Data dimensionality reduction
As pointed out before, if we have the problem of having more dimensions (or variables) than samples in our data, we can either augment the data or reduce the dimensionality of the data. Now, we will address the basics of the latter.
We will look into reducing dimensions both in supervised and unsupervised ways with both small and large datasets.
Supervised algorithms
Supervised algorithms for dimensionality reduction are so called because they take the labels of the data into account to find better representations. Such methods often yield good results. Perhaps the most popular kind is called linear discriminant analysis (LDA), which we'll discuss next.
Linear discriminant analysis
Scikit learn has a LinearDiscriminantAnalysis class that can easily perform dimensionality reduction on a desired number of components.
By number of components, the number of dimensions desired is understood. The name comes from principal component analysis (PCA), which is a statistical approach that determines the eigenvectors and eigenvalues of the centered covariance matrix of a dataset; then, the largest eigenvalues associated with specific eigenvectors are known to be the most important, principal, components. When we use PCA to reduce to a specific number of components, we say that we want to keep those components that are the most important in a space induced by the eigenvalues and eigenvectors of the covariance matrix of the data.

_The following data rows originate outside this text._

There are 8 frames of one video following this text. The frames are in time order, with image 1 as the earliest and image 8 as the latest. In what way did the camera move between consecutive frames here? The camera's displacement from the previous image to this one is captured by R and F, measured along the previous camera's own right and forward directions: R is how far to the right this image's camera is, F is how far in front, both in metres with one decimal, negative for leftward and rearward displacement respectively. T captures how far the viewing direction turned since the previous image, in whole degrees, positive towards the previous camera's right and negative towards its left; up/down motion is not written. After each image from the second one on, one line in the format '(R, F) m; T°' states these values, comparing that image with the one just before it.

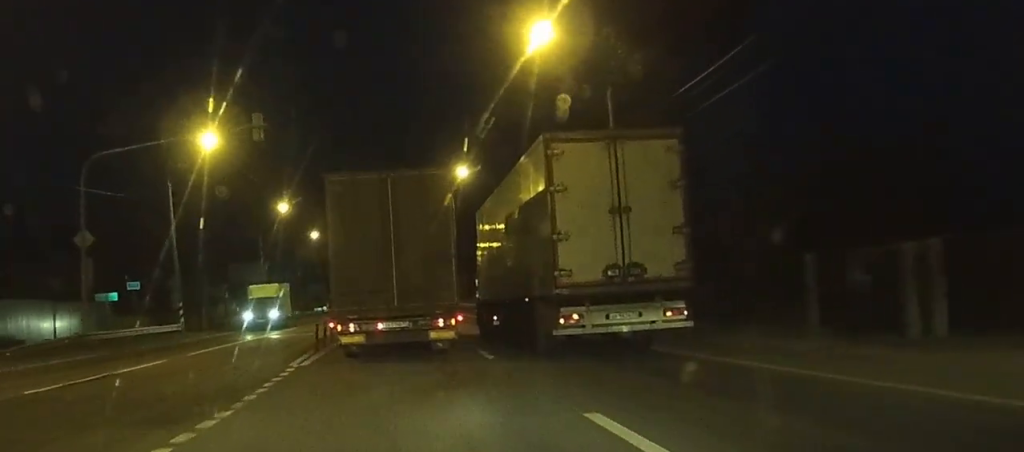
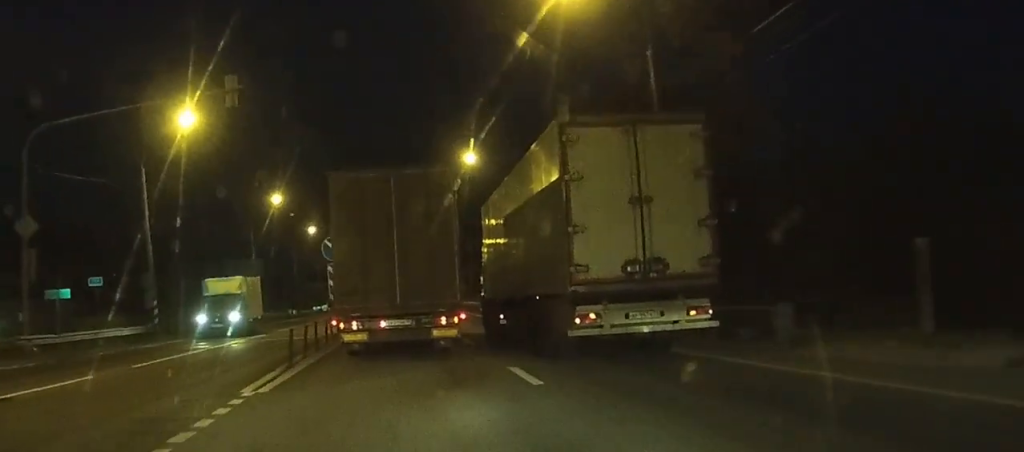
(0.0, +5.8) m; 0°
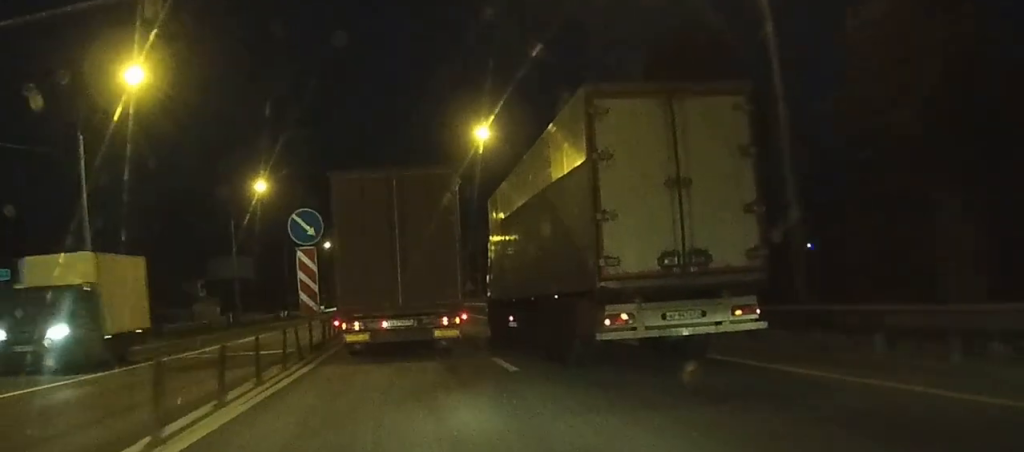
(0.0, +9.6) m; 0°
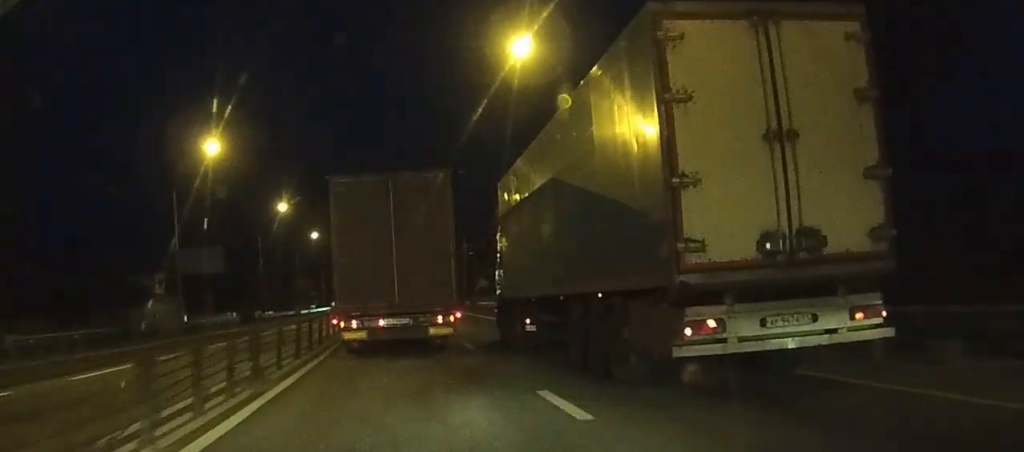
(+0.1, +18.2) m; +1°
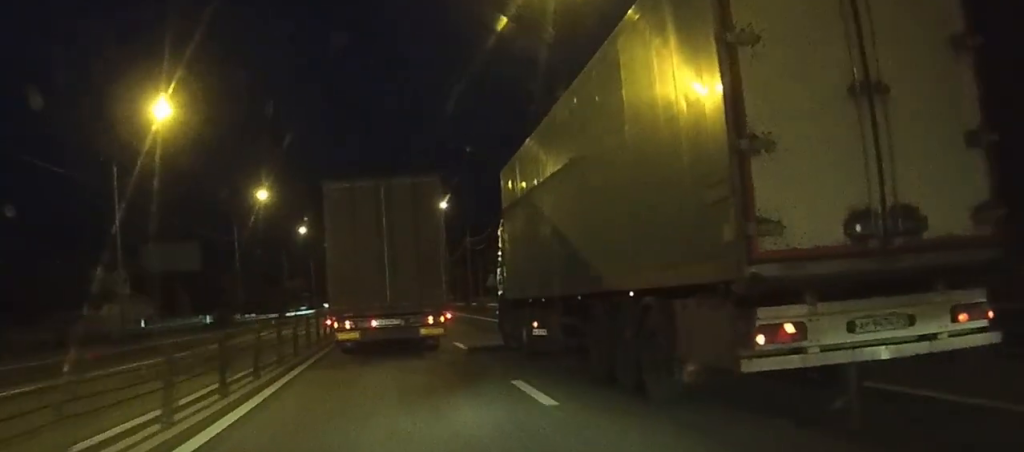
(+0.1, +11.0) m; 0°
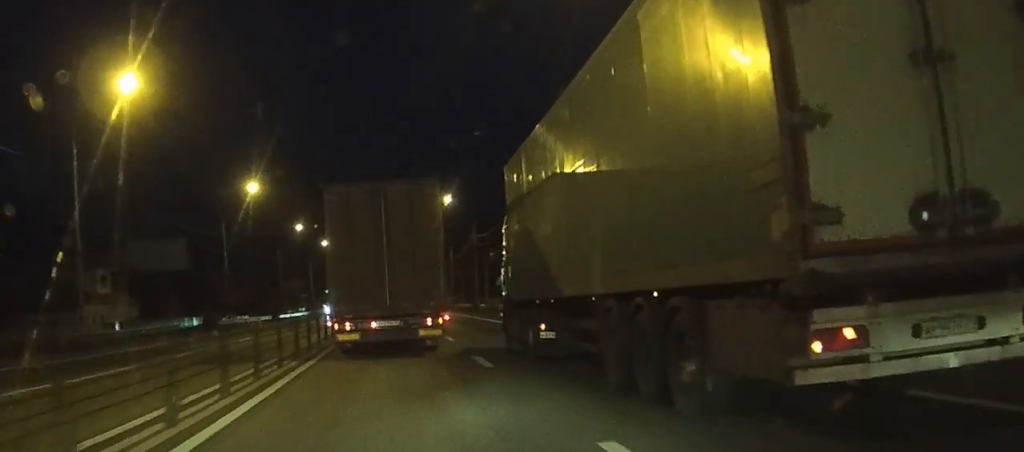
(0.0, +5.8) m; 0°
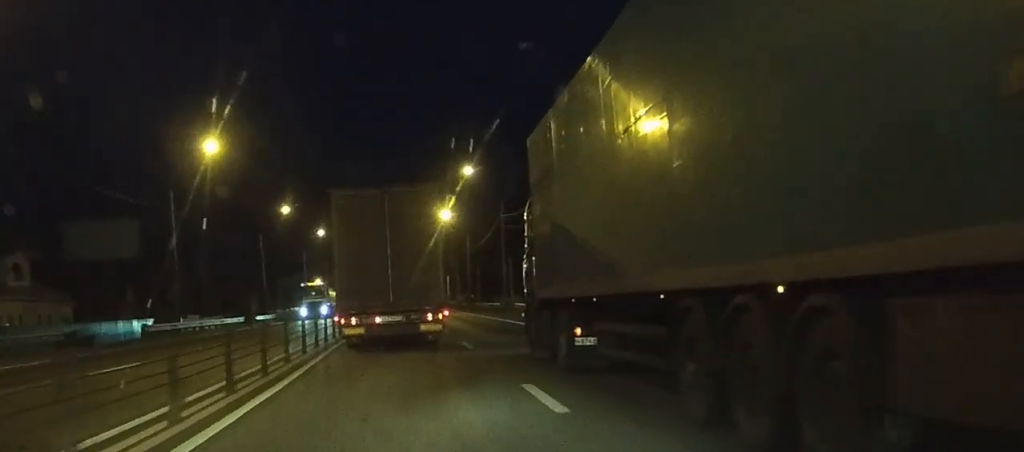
(-0.2, +18.2) m; -1°
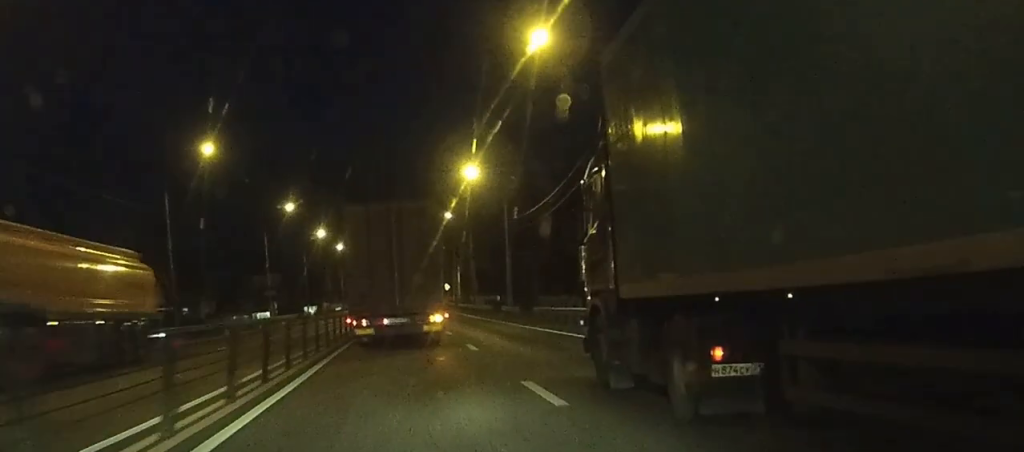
(-0.2, +35.2) m; 0°

LDA and other dimensionality reduction techniques also have a similar philosophy in which they aim to find low-dimensional spaces (based on the number of components desired) that can better represent the data based on other properties of the data.
If we use the heart disease dataset as an example, we can perform LDA to reduce the entire dataset from 13 dimensions to 2 dimensions, all the while using the labels [0, 1, 2, 3, 4] to inform the LDA algorithm how to better separate the groups represented by those labels.

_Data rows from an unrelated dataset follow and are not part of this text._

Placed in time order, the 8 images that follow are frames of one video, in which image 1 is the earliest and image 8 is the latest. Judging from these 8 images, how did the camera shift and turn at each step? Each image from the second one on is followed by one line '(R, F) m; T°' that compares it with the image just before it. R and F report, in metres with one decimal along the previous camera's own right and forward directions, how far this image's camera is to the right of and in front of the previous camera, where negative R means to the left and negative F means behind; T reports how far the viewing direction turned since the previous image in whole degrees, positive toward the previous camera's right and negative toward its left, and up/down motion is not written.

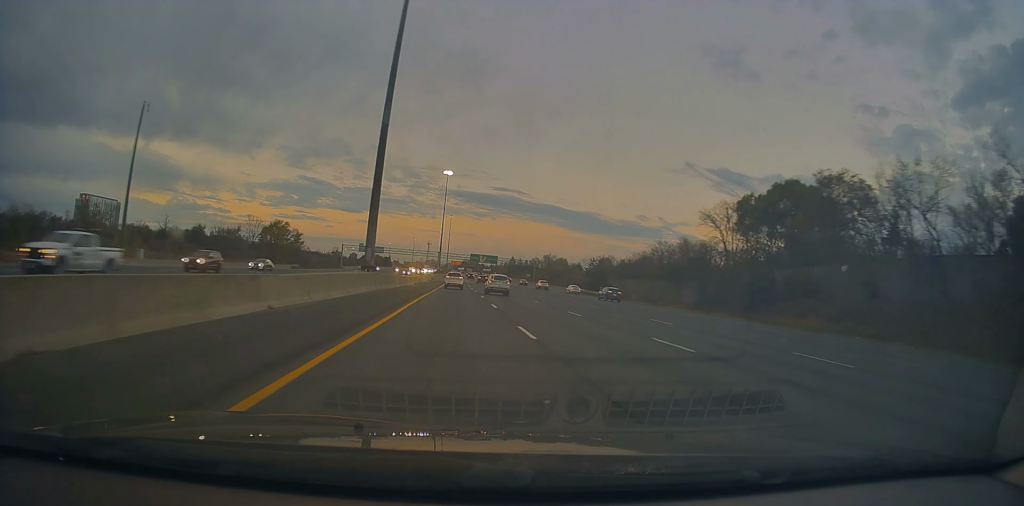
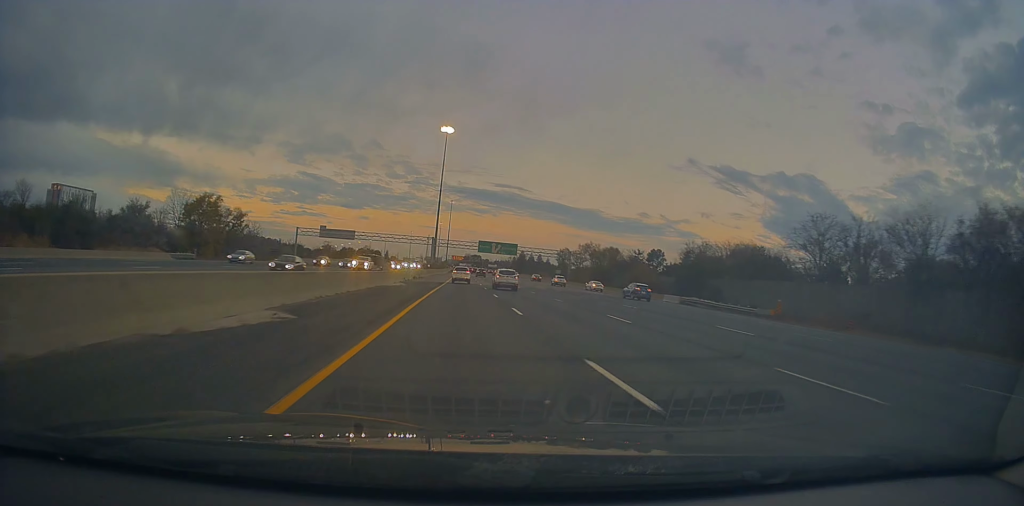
(-0.1, +56.4) m; +1°
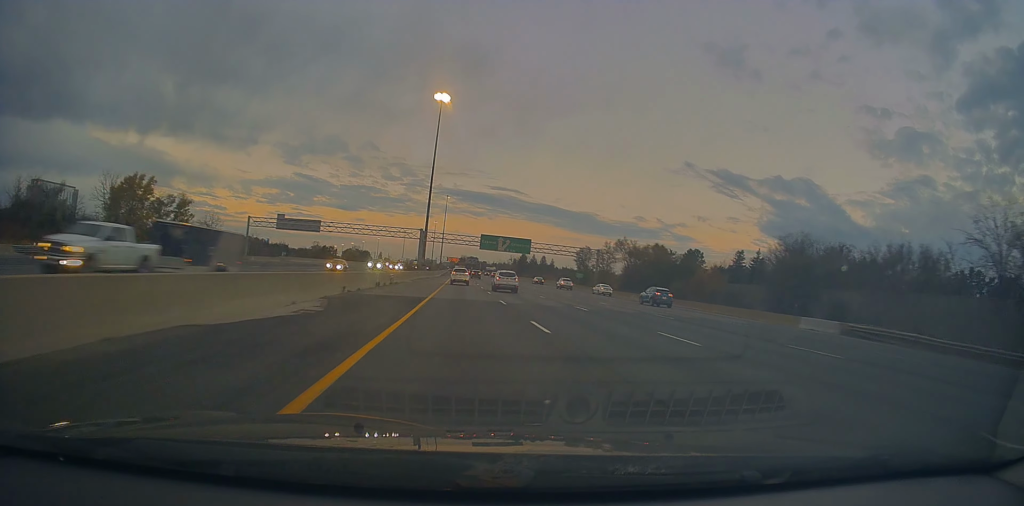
(+0.2, +30.2) m; 0°
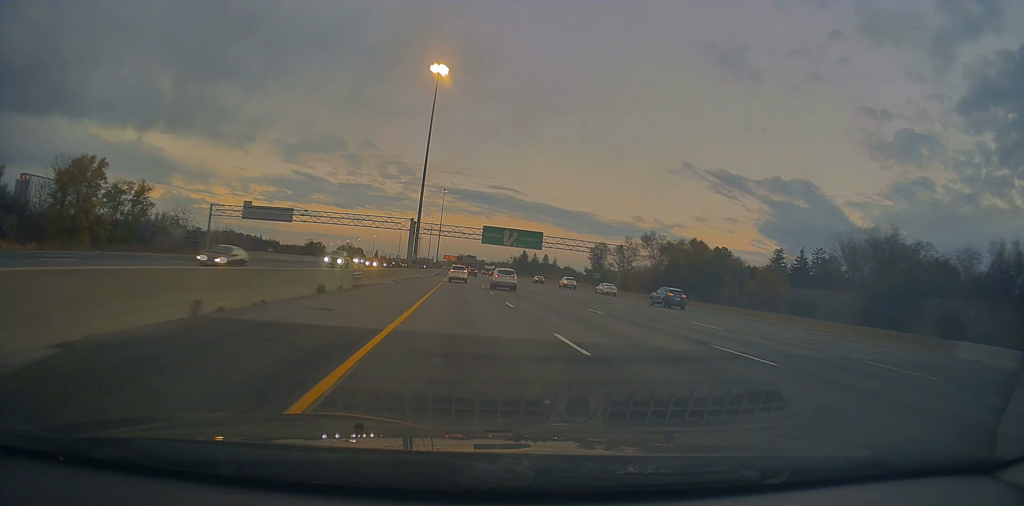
(0.0, +16.3) m; 0°
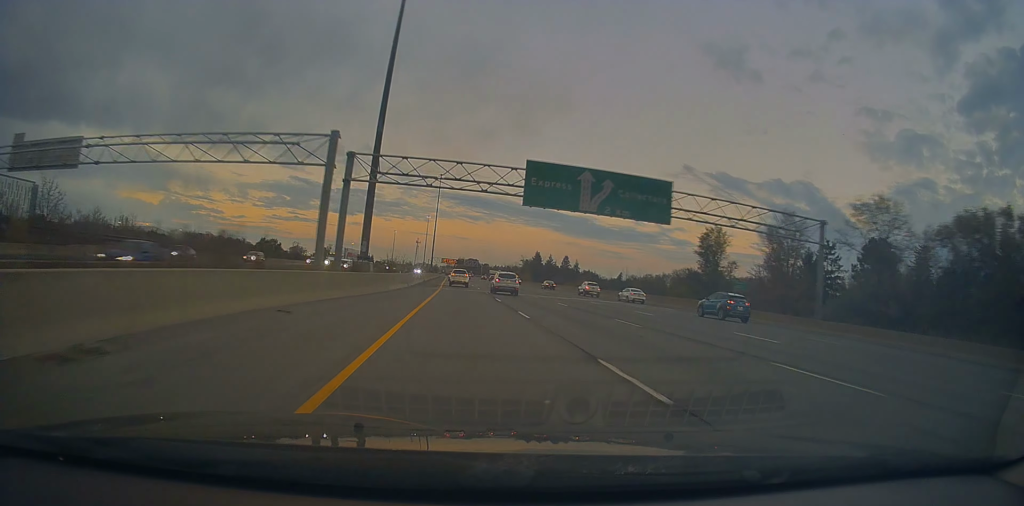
(+0.1, +52.4) m; 0°
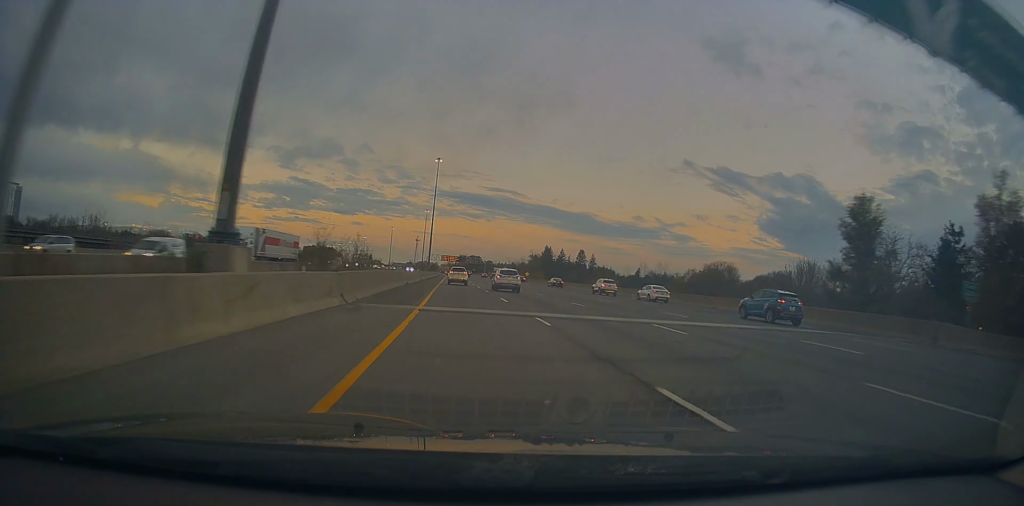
(0.0, +26.7) m; 0°
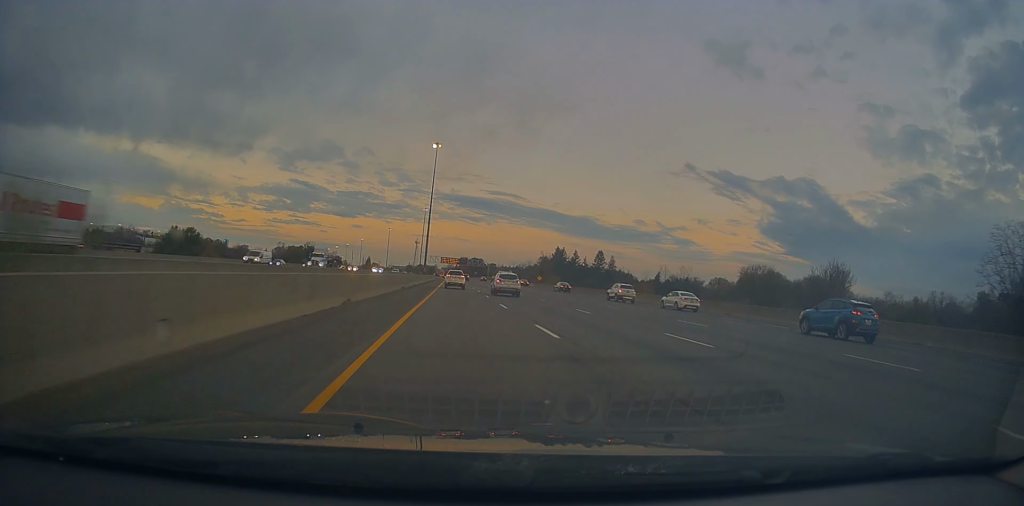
(-0.1, +25.5) m; 0°
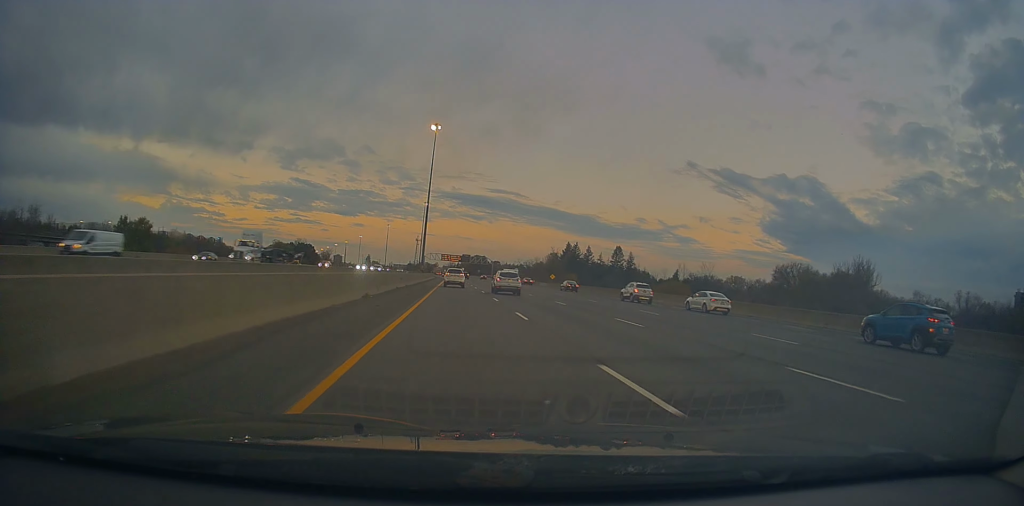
(+0.1, +18.5) m; 0°

To achieve this, we can follow these steps:
- First, we reload the data and drop the missing values:
from sklearn.discriminant_analysis import LinearDiscriminantAnalysis
df = pd.read_csv('processed.cleveland.data', header=None)

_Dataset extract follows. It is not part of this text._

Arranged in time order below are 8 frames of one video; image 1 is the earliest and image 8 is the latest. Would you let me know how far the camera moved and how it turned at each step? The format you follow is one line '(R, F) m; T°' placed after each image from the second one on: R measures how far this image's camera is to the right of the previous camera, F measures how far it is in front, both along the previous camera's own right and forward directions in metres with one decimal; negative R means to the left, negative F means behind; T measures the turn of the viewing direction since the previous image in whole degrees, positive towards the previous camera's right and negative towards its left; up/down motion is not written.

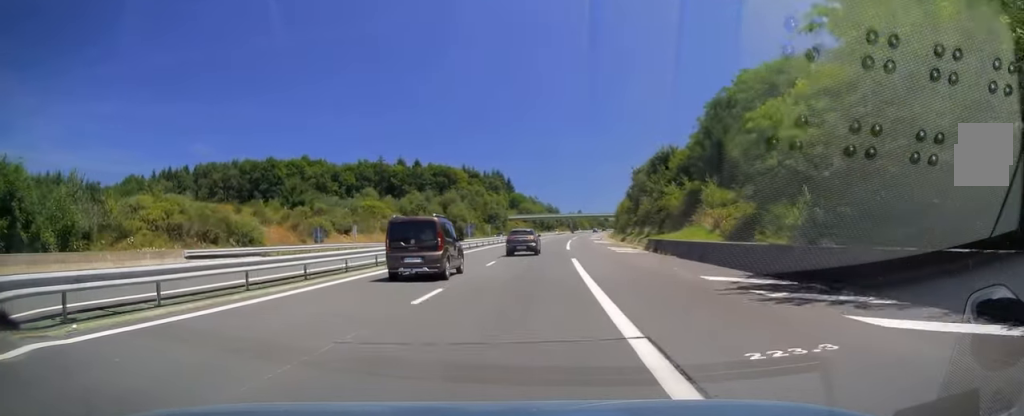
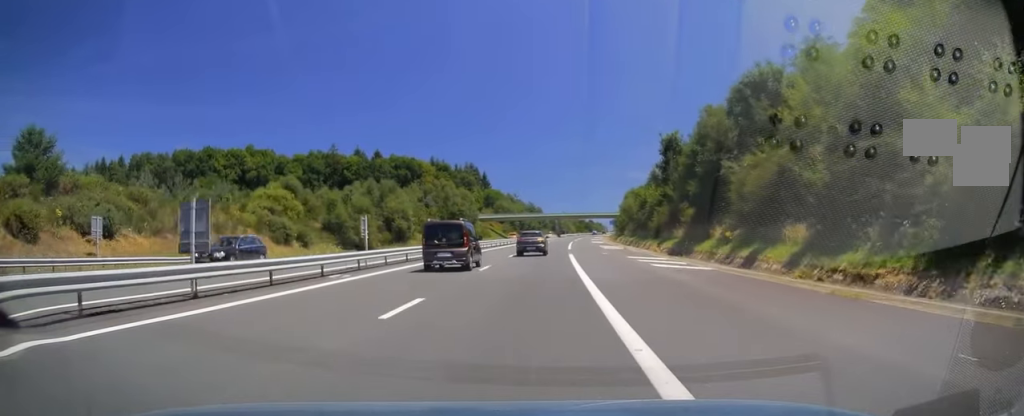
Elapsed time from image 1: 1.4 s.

df = df.apply(pd.to_numeric, errors='coerce').dropna()
Notice that we did not have to deal with missing values before on the heart disease dataset because pandas automatically ignores missing values. But here, because we are strictly converting data into numbers, missing values will be converted to NaN since we are specifying errors='coerce', which forces any errors in the conversion to become NaN. Consequently, with dropna(), we ignore rows with those values from our dataset because they will cause LDA to fail.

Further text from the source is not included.